Crocell a écrit:
Quand elle est du fait du contrôleur, je peux la comprendre ... Du fait des pilotes c'est plus dur : tu as eu la clearance ou tu ne l'as pas eu ... si tu -crois- l'avoir eu, c'est qu'il est temps de la faire confirmer
Il y a pas mal de boulot dans un cockpit à l'approche de l'alignement et du décollage.
Un briefing avant décollage (qui sert à pré-activer la mémoire de travail, donc il faut le faire au plus proche du décollage), certains systêmes à manipuler (parfois les systêmes de dégivrage, des réactualisations de performances, etc), une coordination avec la cabine, qui doit avoir terminé ses démonstrations, vérifications, une check-list avant décollage, et beaucoup d'interruptions de tâches de la part du contrôle ATC qui t'a transféré plusieurs fois de fréquence, donné des instructions de roulage, parfois contradictoires, etc.
Bref, sans le savoir tu arrives parfois au point d'arrêt mentalement "épuisé", tu as consommé beaucoup de ressources mentales, et tu es donc très fragile vis-à -vis du risque d'erreur.

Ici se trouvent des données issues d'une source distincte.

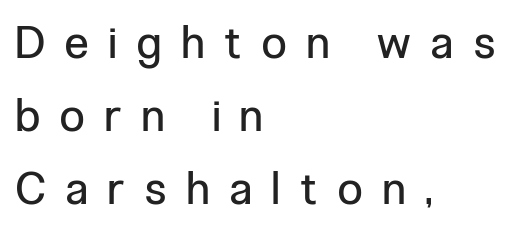
The image shows 44 px regular-weight, condensed sans-serif type, upright; set left-aligned, normal line spacing (1.66x), unusually wide letter spacing (+0.47 em), not underlined; low stroke contrast and a medium x-height.
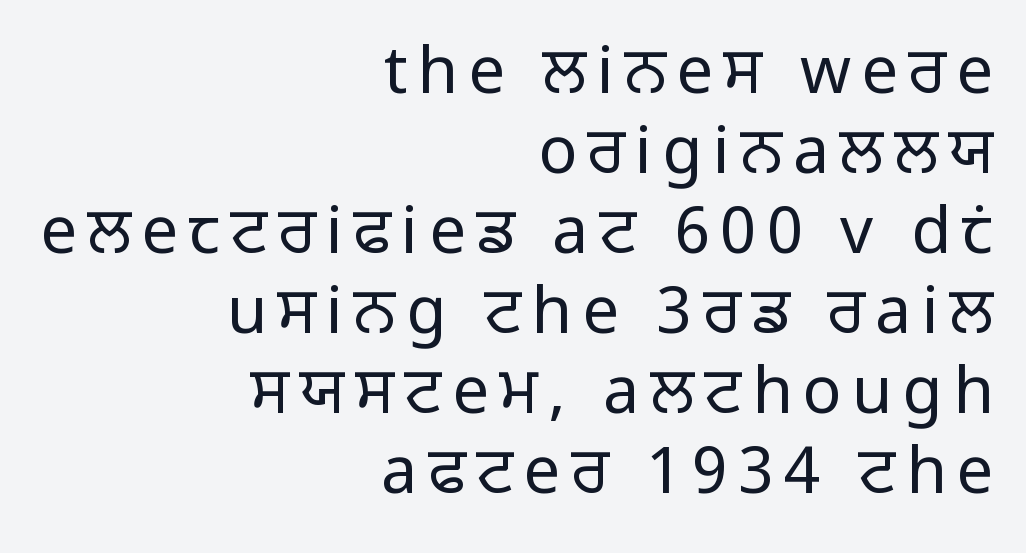
Q: Is the text bold? A: No.
Q: Is the text italic (slanted)? A: No, it is upright.
Q: Is the typeface a serif or a sans-serif typeface? A: Sans-serif.
Q: Is the text underlined? A: No.
Q: How is the paragraph aligned? A: Right-aligned.
Q: Width (condensed, normal, or wide)? A: Normal.
Q: Stroke contrast? A: Low.
Q: x-height? A: Medium.
Q: Monospaced? A: No.
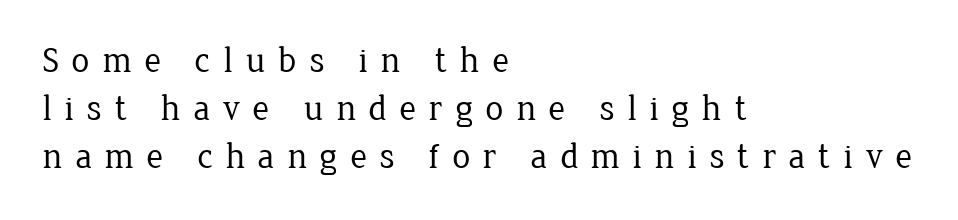
The letters carry serifs — small finishing strokes at the ends of their stems. Summary of weight: not heavy and not bold. Glance below the letters and you will spot only blank space. Students, observe: this is what conventionally led text looks like.
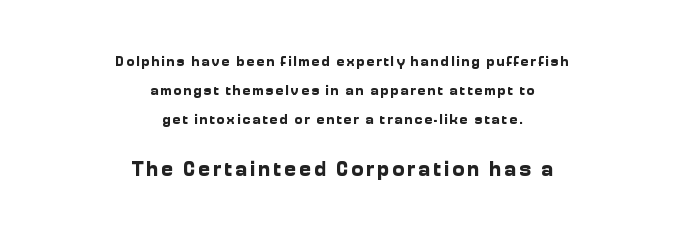
The letters are bold, with thick, heavy strokes. Words float on clear page, feet unadorned. The rag falls on both sides of this text block equally. Tall strokes in this sample are plumb rather than angled. The line-height multiplier appears high, well above default. The more generous point size was reserved for the lower chunk.
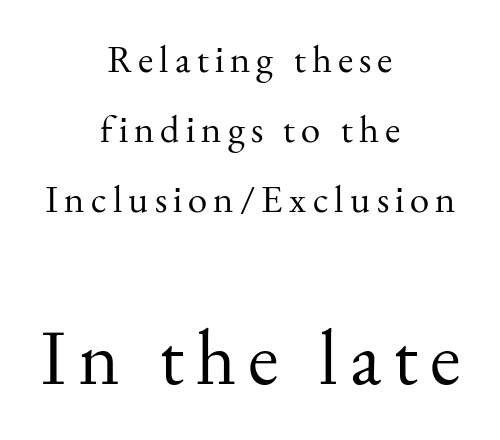
The image shows 78 px regular-weight serif type, upright; set centered, line spacing 1.8x, not underlined; the second (bottom) block is 2.0x larger; medium stroke contrast and a small x-height.
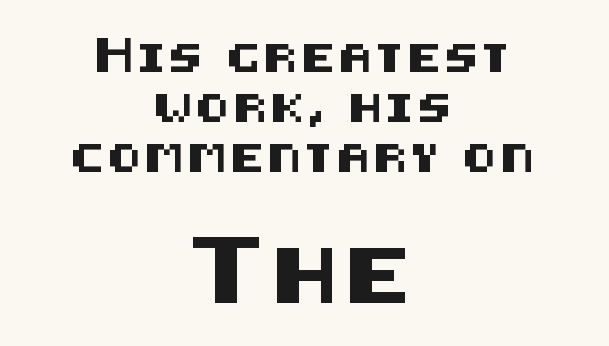
The image shows 55 px sans-serif type, upright; set centered, line spacing 1.78x, not underlined; the second (bottom) block is 1.96x larger; medium stroke contrast and a large x-height.
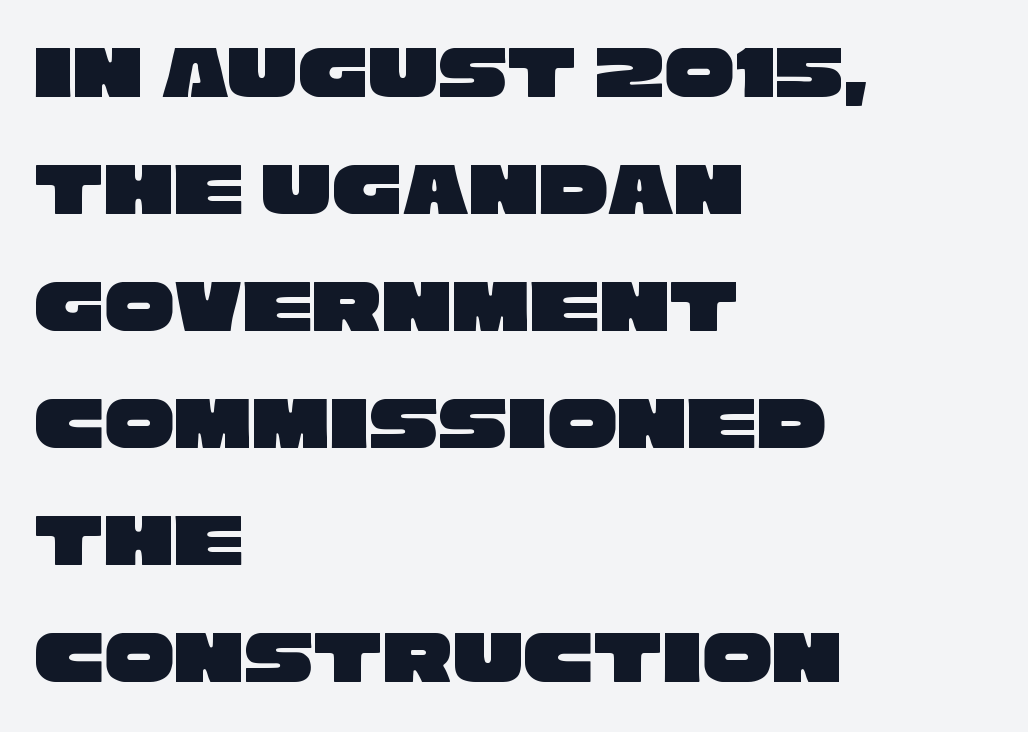
The designer went with a sans here, leaving each stem footless. Successive baselines arrive at the customary interval. Looks like regular typesetting: each glyph gets only the width it needs. The compositor pushed each line to the left boundary. Each word holds together tightly as a unit, with standard inter-letter gaps. The baseline area is clear.
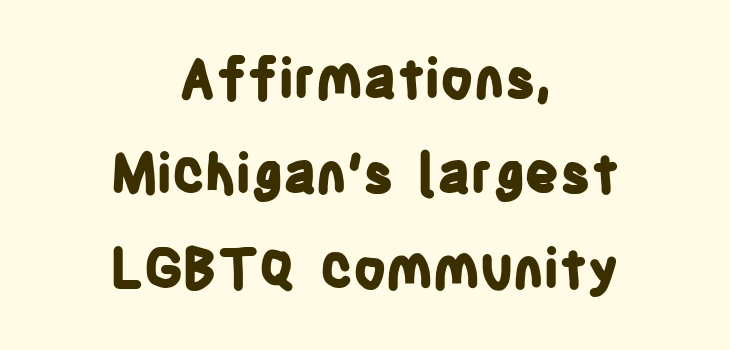
The letters advance in unequal steps, a hallmark of proportional type. The rendering shows plain stroke endings on the letterforms — a sans-serif design. The axis of the letterforms is exactly vertical. Descender tails drop into unmarked territory. The letters sit at their default tracking, neither squeezed nor spread.
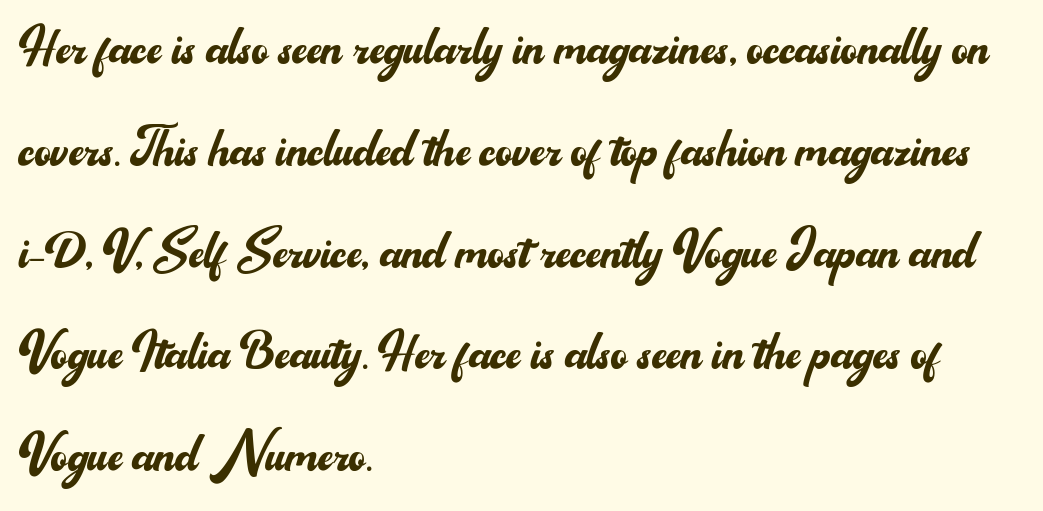
The image shows 64 px regular-weight sans-serif type; set left-aligned, normal line spacing (1.59x), normal letter spacing, not underlined; medium stroke contrast and a small x-height.
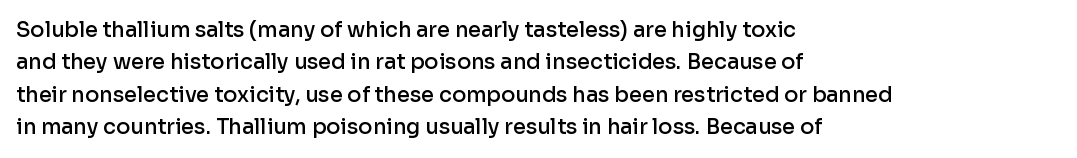
Q: Is the text bold? A: Semi-bold.
Q: Is the text italic (slanted)? A: No, it is upright.
Q: Is the text underlined? A: No.
Q: How is the paragraph aligned? A: Left-aligned.
Q: Is the spacing between letters normal or unusually wide? A: Normal.
Q: Is the spacing between lines tight, normal or loose? A: Normal.
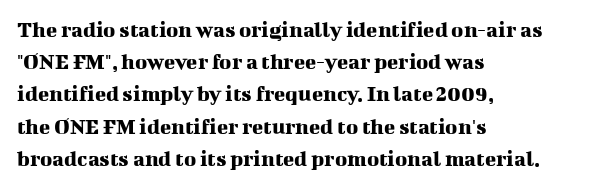
Q: Is the text italic (slanted)? A: No, it is upright.
Q: Is the text underlined? A: No.
Q: How is the paragraph aligned? A: Left-aligned.
Q: Is the spacing between letters normal or unusually wide? A: Normal.
Q: Is the spacing between lines tight, normal or loose? A: Normal.

Le roulage est une des phases les plus difficiles, ça parait idiot quand on est en aéroclub et qu'on pratique des terrains "simples", mais à l'issue d'un roulage à CDG, Londres, Francfort ou Madrid, on est littéralement épuisé, c'est une phase très chargée.
Alors on essaie de limiter ce risque d'erreur, en mettant au plus tôt (et donc le plus loin possible de la piste) les actions qui peuvent l'être, annonces passagers, vérifications des commandes de vol, etc.
Mais il reste encore une grande part de charge de travail et d'interruptions de tâches au roulage.
Si 3 pilotes avaient été coutumiers des alignements sans autorisation, on aurait pu dire que ce sont des nuls et puis basta. Mais non, ça touche tellement de monde qu'on ne peut pas rejeter ça sur des personnes, c'est qu'il y a un dysfonctionnement lié à la structure même de l'opération de roulage et de son interface avec l'environnement, l'ATC, etc.
D'où tous les travaux entrepris.
A Air France, par exemple, mais comme dans beaucoup d'autres compagnies, nous insistons beaucoup sur le fait qu'une autorisation de pénétrer sur une piste, que ce soit pour le décollage ou pour la traverser, doit avoir été entendue et comprise par TOUS les pilotes sans ambiguité, que si un seul a un doute on s'arrête et on fait répéter.
Mais il est sûr qu'avec la fatigue, les interruptions de tâche, etc, un jour cette "plaque de Reason" ne fonctionnera pas et qu'on s'approchera de l'accident potentiel.
Des barres rouges et des feux verts, oui c'est une très bonne solution. Mais il y a très peu d'aéroports équipés, et parfois la signalisation lumineuse est surpassée par des contrôleurs qui donnent l'autorisation alors que la barre est rouge.
Bref, la parade totale n'existe pas encore, mais ça viendra (déjà des EFB avec positionnement GPS de l'avion sur la fiche de roulage, ça aide beaucoup, surtout par mauvaise visibilité, ou alors quand les taxiways sont numérotés en dépit du bon sens et très mal indiqués, comme à CDG par exemple).